Para prevenir la obesidad infantil, los padres juegan un papel importante, formándose en el hogar los primeros hábitos alimenticios, informó la nutrióloga Eunice Bello para Viva La Noticia.
De los padres, señaló, es la responsabilidad de enseñar los hábitos como una alimentación saludable desde casa, pudiendo participar e involucrarse en la preparación de los platillos.
«También que haya una alimentación variada en casa que contenga frutas, verduras, cereales integrales y proteínas magras y grasas saludables. El reducir el consumo de bebidas con alto contenido de azúcar como refrescos, jugos industrializados con alto contenido de azúcar y comida ultraprocesada como comida rápida, comida chatarra, las sabritas, golosinas, etcétera. También es muy importante dar el ejemplo porque los hijos imitan lo que los padres hacen y si los padres comen sano pues los hijos también lo harán o viceversa, si no ven buenos hábitos de alimentación ellos van a repetir lo mismo».

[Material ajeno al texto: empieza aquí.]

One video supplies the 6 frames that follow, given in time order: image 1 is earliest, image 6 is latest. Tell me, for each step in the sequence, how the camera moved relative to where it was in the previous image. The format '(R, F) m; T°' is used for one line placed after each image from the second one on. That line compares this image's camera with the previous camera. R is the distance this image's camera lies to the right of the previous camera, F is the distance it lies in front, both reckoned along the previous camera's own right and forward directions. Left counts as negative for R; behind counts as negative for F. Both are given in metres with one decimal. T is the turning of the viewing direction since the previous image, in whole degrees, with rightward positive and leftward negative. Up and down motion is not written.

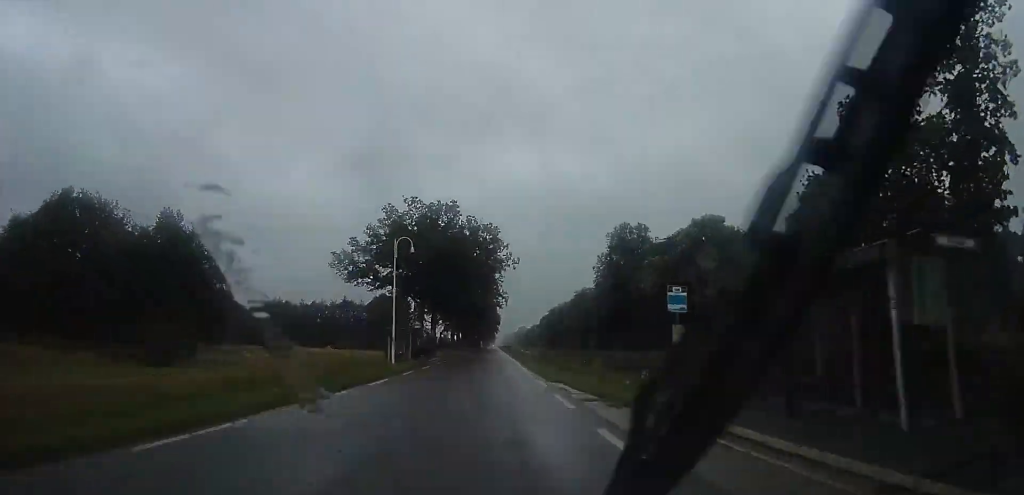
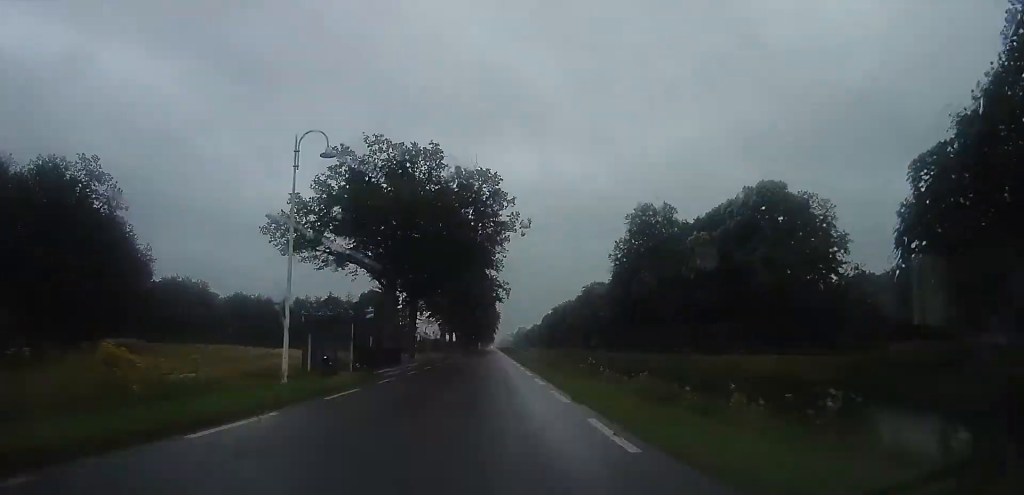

Comentando que es importante evitar la comida como premio o castigo, mencionó que otro hábito que se formaría desde casa es el promover la actividad física, motivando al juego activo como correr, usar la bicicleta, bailar o nadar.

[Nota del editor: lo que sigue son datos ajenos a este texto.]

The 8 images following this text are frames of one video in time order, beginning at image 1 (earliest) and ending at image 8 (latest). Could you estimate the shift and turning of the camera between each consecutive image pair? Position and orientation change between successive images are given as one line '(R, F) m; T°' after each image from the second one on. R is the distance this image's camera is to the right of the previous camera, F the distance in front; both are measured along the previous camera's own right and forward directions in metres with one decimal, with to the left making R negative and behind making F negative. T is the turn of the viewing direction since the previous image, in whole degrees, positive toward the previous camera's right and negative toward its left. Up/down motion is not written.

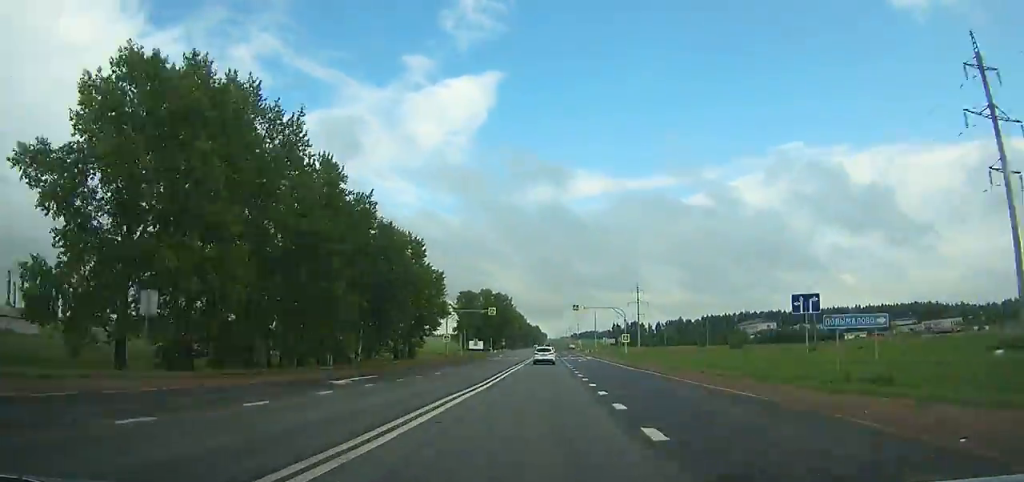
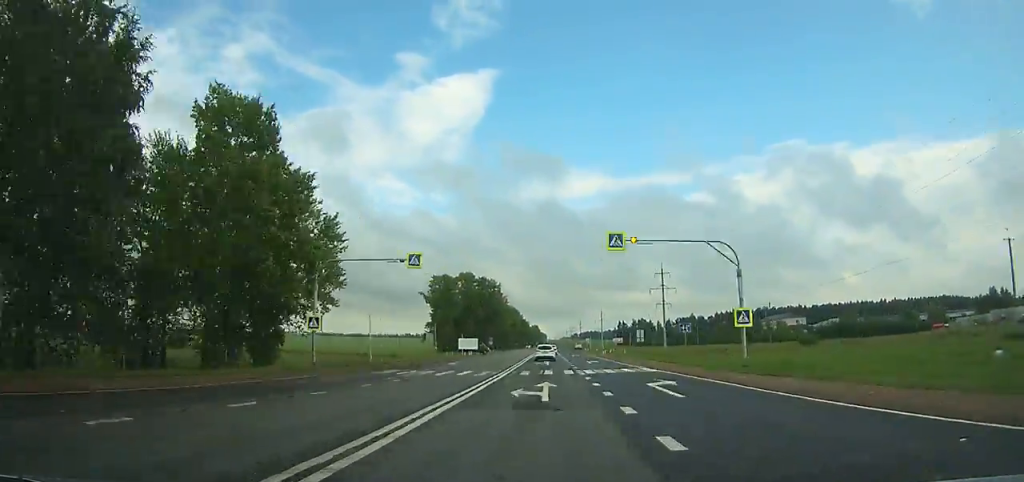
(0.0, +44.1) m; +1°
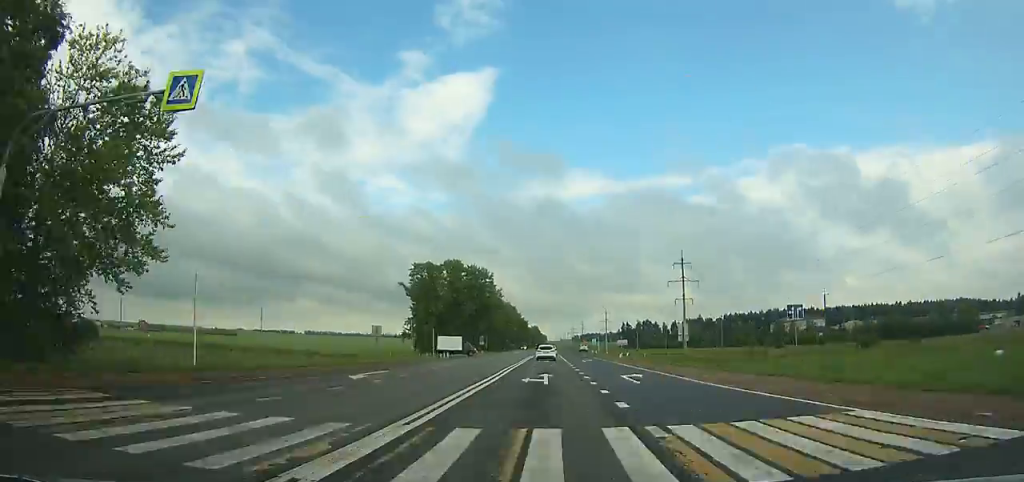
(+0.1, +22.0) m; 0°
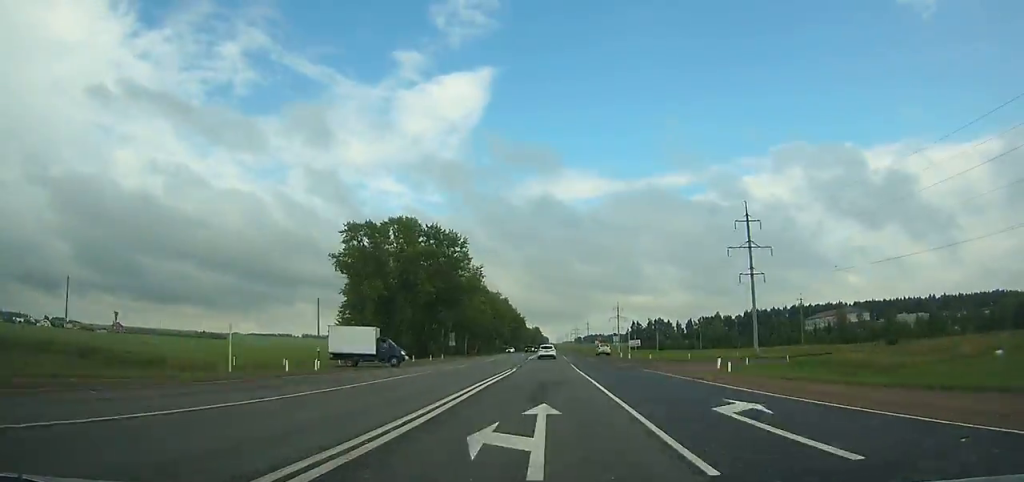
(+0.2, +43.9) m; 0°
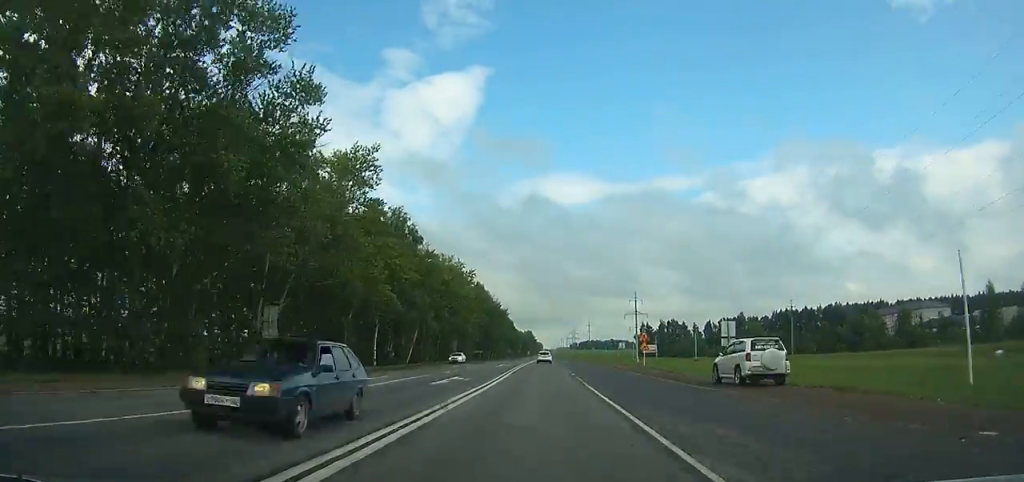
(-0.5, +61.3) m; 0°
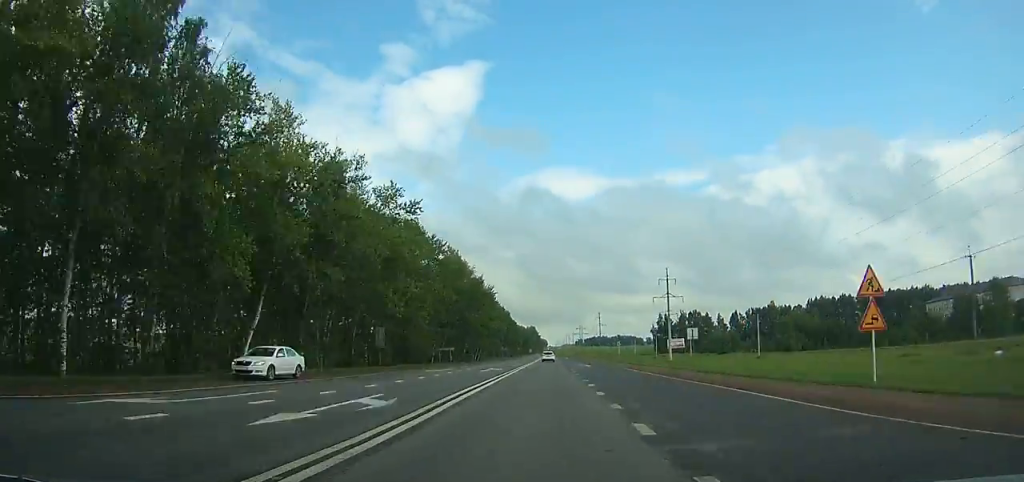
(+0.1, +43.1) m; 0°
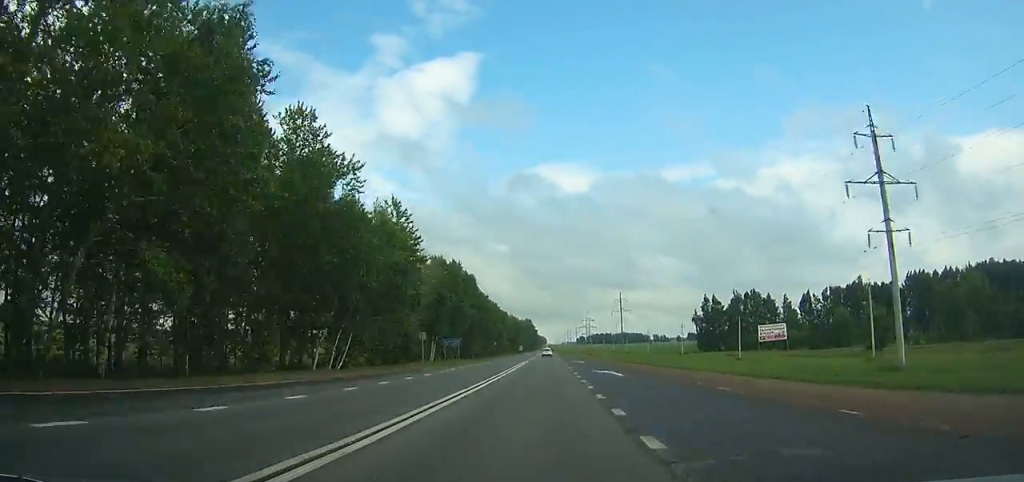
(-0.2, +93.8) m; 0°
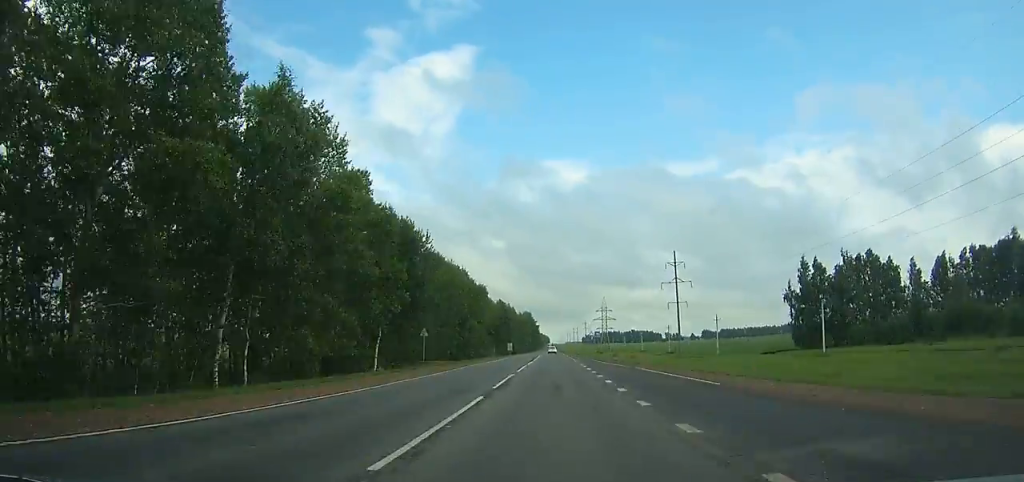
(-0.5, +81.6) m; -1°

«Y limitar el tiempo frente a pantallas. Aquí por ejemplo que estan mucho en la televisión o en los videojuegos o en el celular. Aquí también se puede motivar a compartir actividades en familia que impliquen el movimiento».
Los hábitos diarios saludables, compartió, son también el respetar los horarios de comida evitando «picar» constantemente; asegurar un buen descanso al aumentar el riesgo de obesidad el dormir poco; y fomentar el consumo de agua como bebida principal.
La autoestima, añadió, también es importante aumentarla, evitando burlas o comentarios del cuerpo, además, enseñar a los niños a escuchar sus señales de hambre y saciedad.